TASK TO CARRY OUT
Copy out the data below as written; omit any images.

GIVEN RECORDS
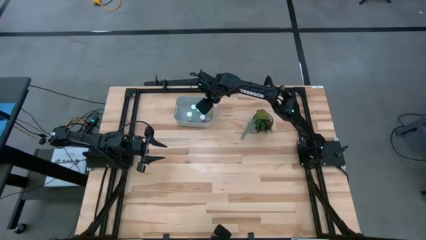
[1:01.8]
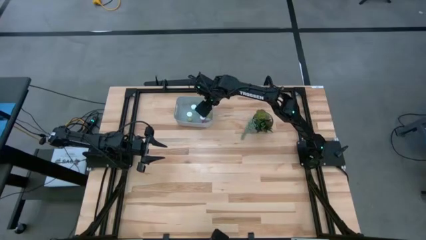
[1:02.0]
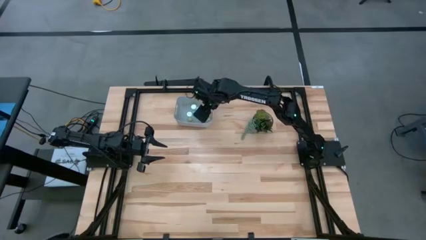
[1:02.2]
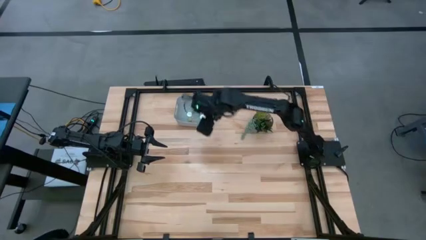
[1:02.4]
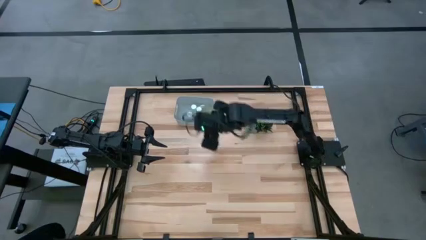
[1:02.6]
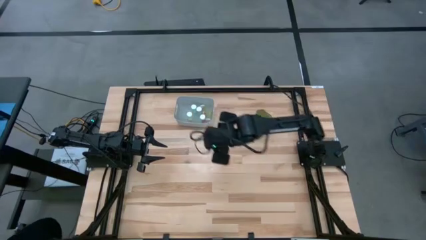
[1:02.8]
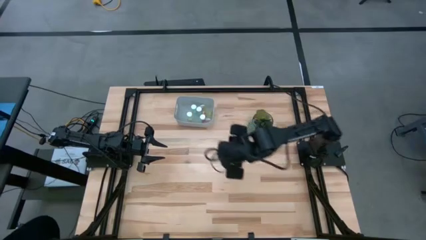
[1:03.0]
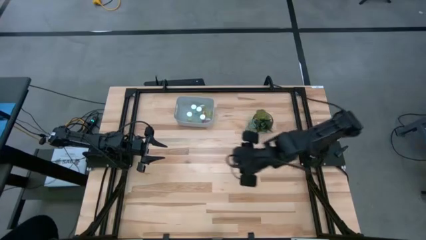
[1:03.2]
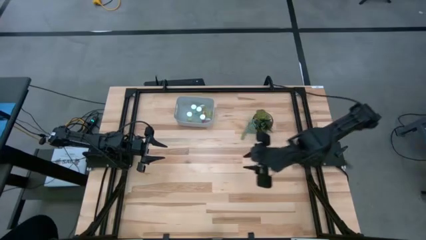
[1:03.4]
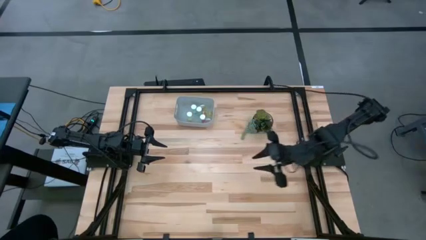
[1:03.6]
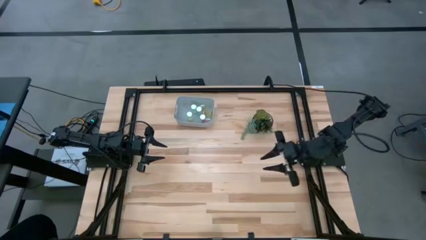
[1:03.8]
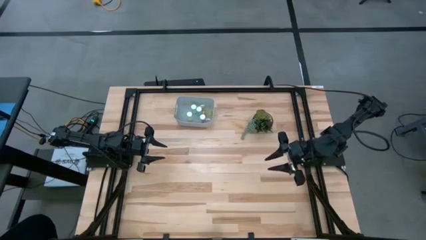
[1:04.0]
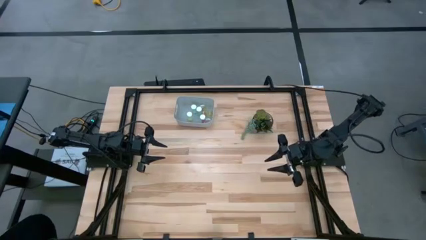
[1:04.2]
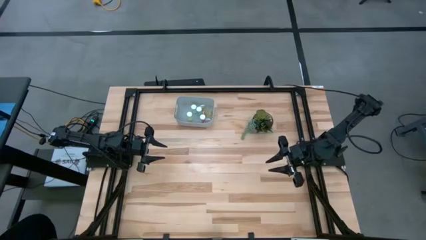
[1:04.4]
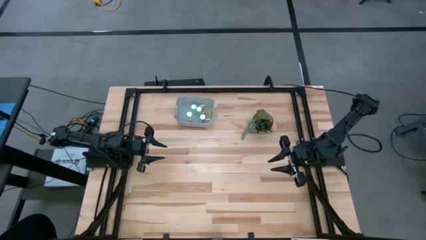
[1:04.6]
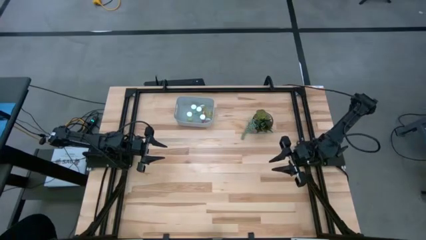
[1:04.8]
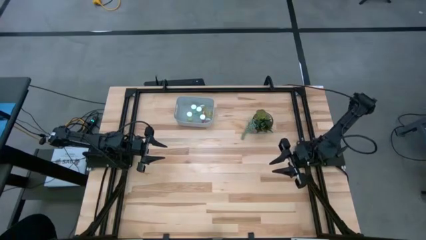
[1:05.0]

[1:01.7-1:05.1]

TASK OUTPUT
[1:01.8]
[1:02.0]
[1:02.2]
[1:02.4]
[1:02.6]
[1:02.8]
[1:03.0]
[1:03.2]
[1:03.4]
[1:03.6]
[1:03.8]
[1:04.0]
[1:04.2]
[1:04.4]
[1:04.6]
[1:04.8]
[1:05.0]

[1:01.7-1:05.1]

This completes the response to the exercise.